After consideration at multidisciplinary review, the patient was referred for surgical ligation of the fistula in December 2008. Macroscopic examination at surgery revealed a series of fistulous communications at the obtuse margin and a massively dilated (≈1 cm diameter) venous portion entering the coronary sinus. The fistulous communication was mobilized and ligated. Measurement of oxygen saturation in blood specimens taken from the coronary sinus and main pulmonary artery confirmed a marked drop in saturations in postligation specimens compared with those taken before ligation, confirming a substantial reduction in the shunt flow rate; therefore, it was elected not to proceed to formal exclusion and grafting of the aneurysmal left circumflex artery. The patient made an uncomplicated postoperative recovery and was discharged 5 days later.

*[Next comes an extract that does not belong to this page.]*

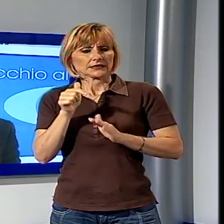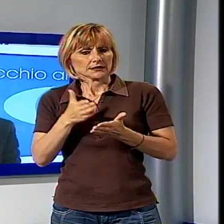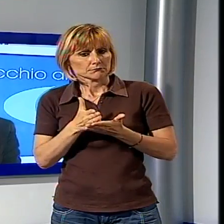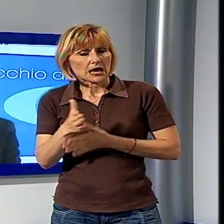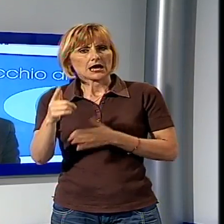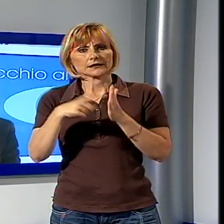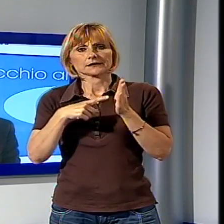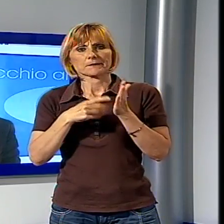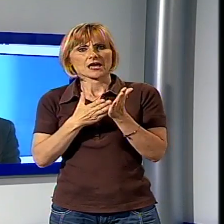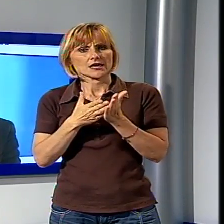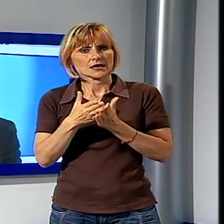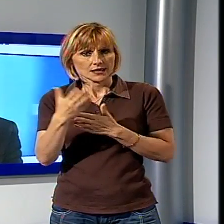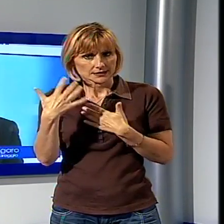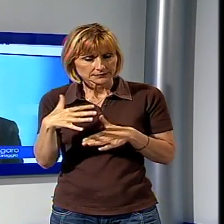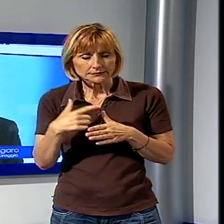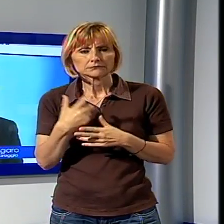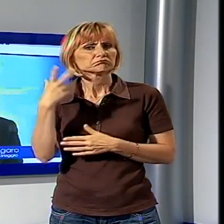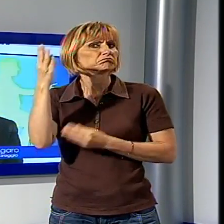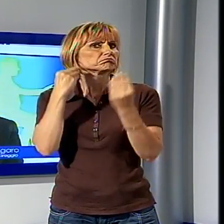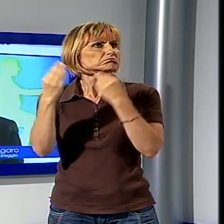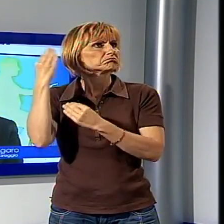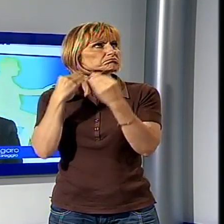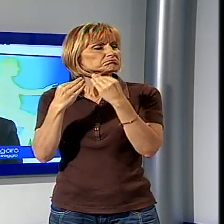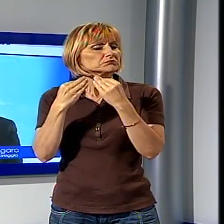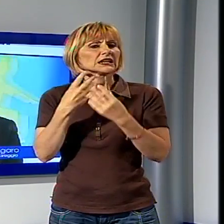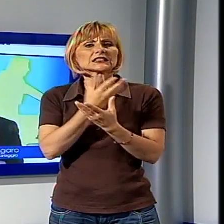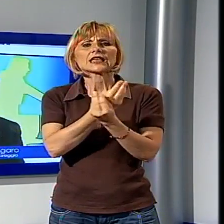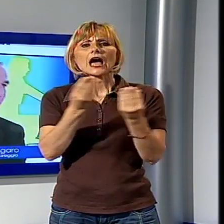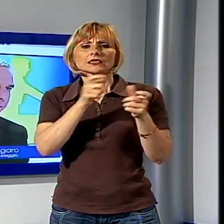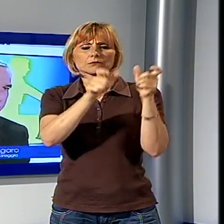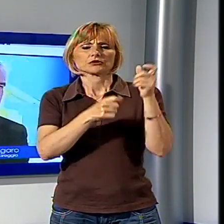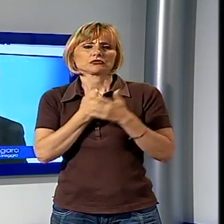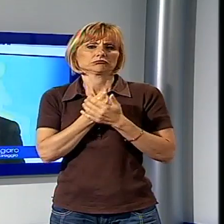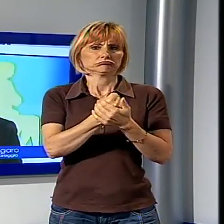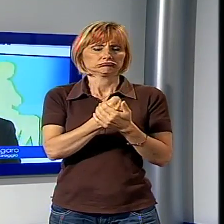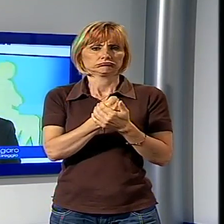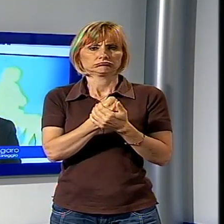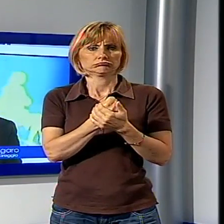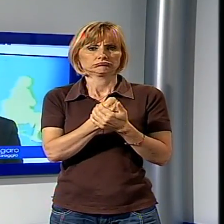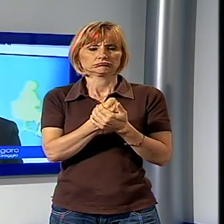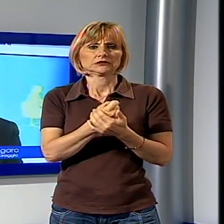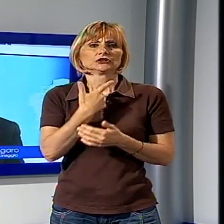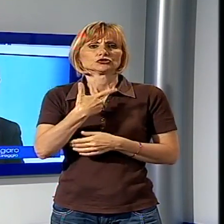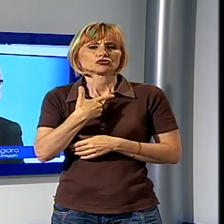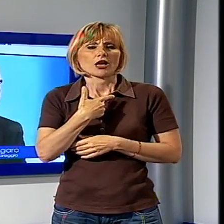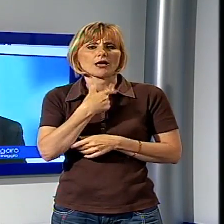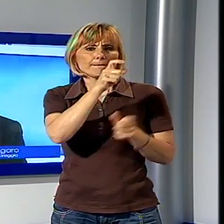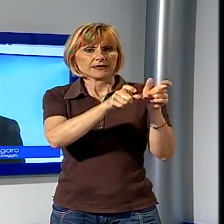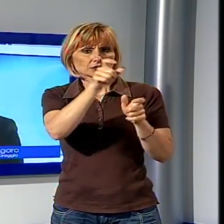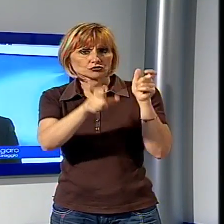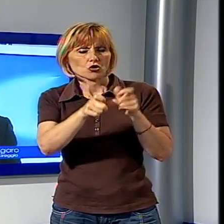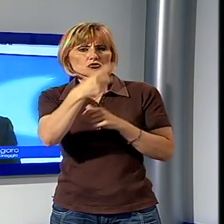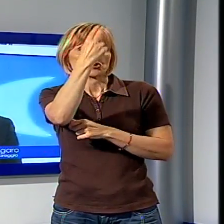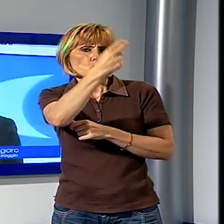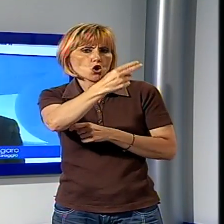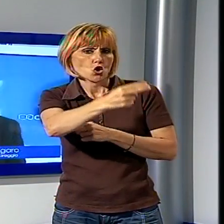tante persone sono dalla mia parte quindi Pinco della mia parte, Palline della

The patient was readmitted in May 2009 complaining of chest pain with T-wave inversion in the inferior ECG leads and a serum troponin T concentration of 0.11 ng/L (normal range, <0.01 ng/L). Percutaneous catheter angiography demonstrated that the circumflex artery aneurysm contained a large, partially occlusive intraluminal thrombus (Figure 1). Anterograde flow was demonstrated down the obtuse marginal branch, but no anterograde flow was evident down the more distal left posterior descending artery. Subsequent repeat multidetector computed tomography angiography (Figure 2) indicated some retrograde filling of the left posterior descending artery. The thrombotic occlusion of the left posterior descending artery was managed conservatively by anticoagulation with warfarin, and the patient’s symptoms resolved without further complication.

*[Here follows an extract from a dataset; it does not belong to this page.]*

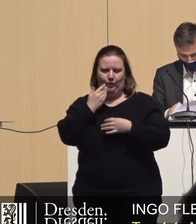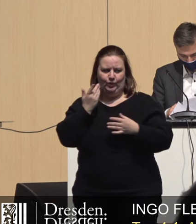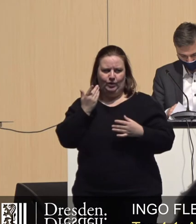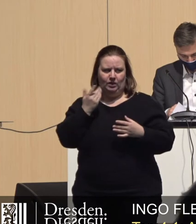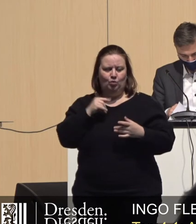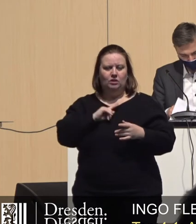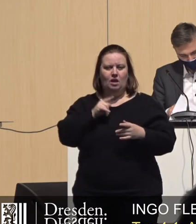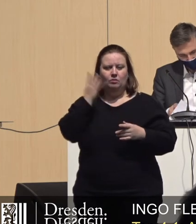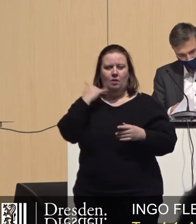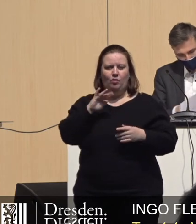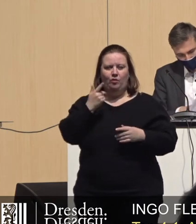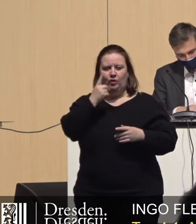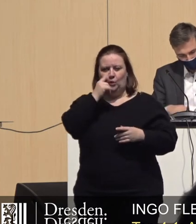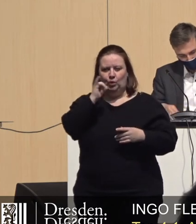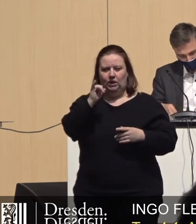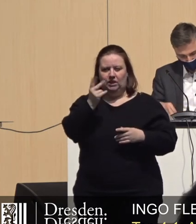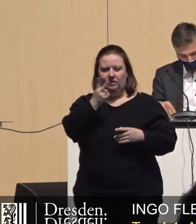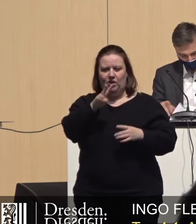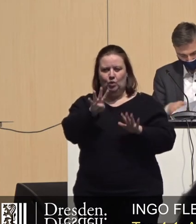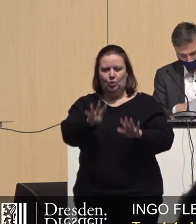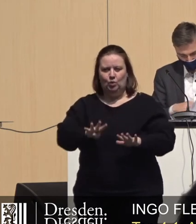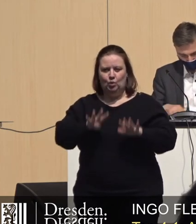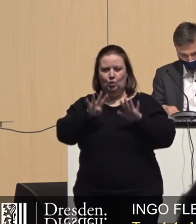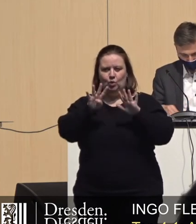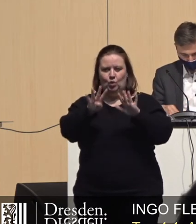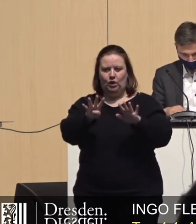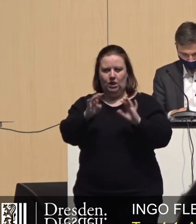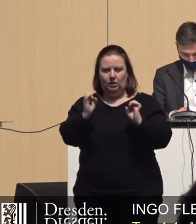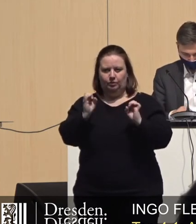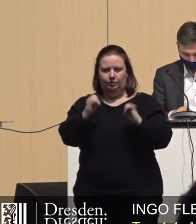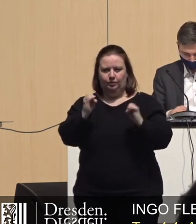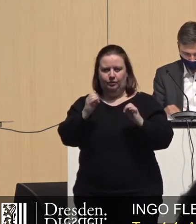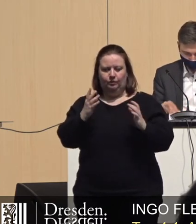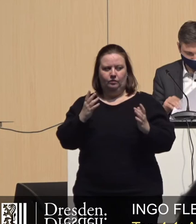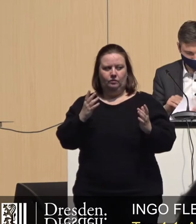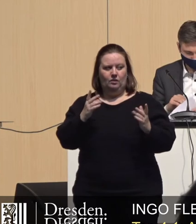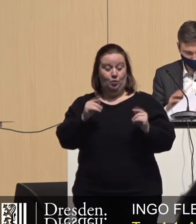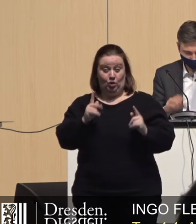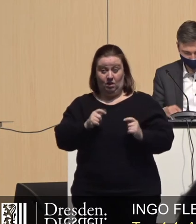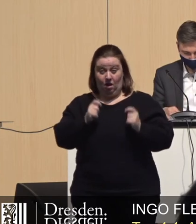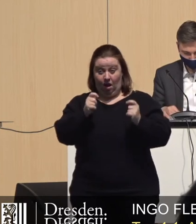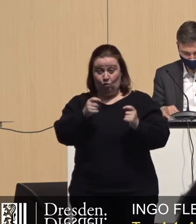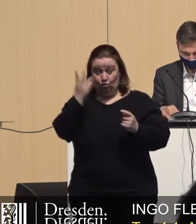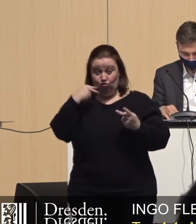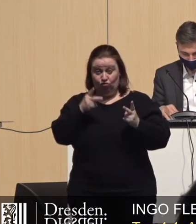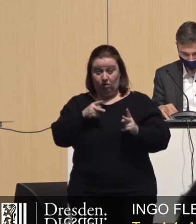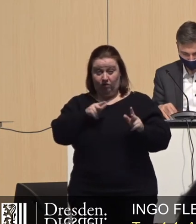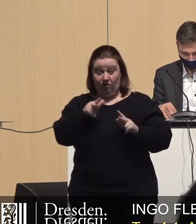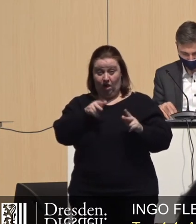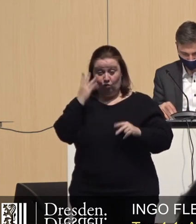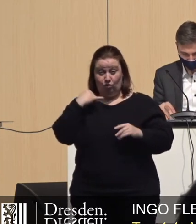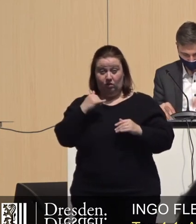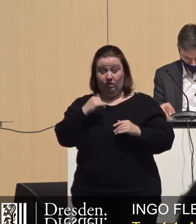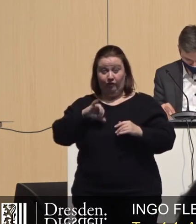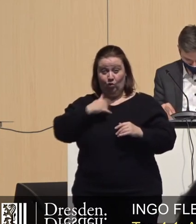Wir haben den am 5. Juni 2019 gefasst. Und somit ist der Antrag aus der Stadtverwaltung also im Frühjahr

To the best of our knowledge, this is the only reported case of a thrombotic occlusion of a giant left circumflex artery aneurysm leading to an acute coronary syndrome, and the large thrombus burden is illustrated dramatically in the angiographic images. The exact mechanism of thrombus formation in the circumflex aneurysm and thrombotic occlusion of the left posterior descending artery in this case is unclear, but it seems reasonable to speculate that the substantial reduction in coronary flow down the aneurysmal vessel was a significant contributory factor. Possible therapeutic options in the management of coronary arteriovenous fistulae include transcatheter embolization1 and surgical correction. Surgical closure has been recommended as the gold standard and remains safe and effective with good reported success,2,3 but this case illustrates a potential complication associated with simple distal ligation of a fistulous connection arising from a grossly aneurysmal coronary artery. Therefore, we would recommend that either dual antiplatelet therapy or full anticoagulation should be considered after surgery in such circumstances.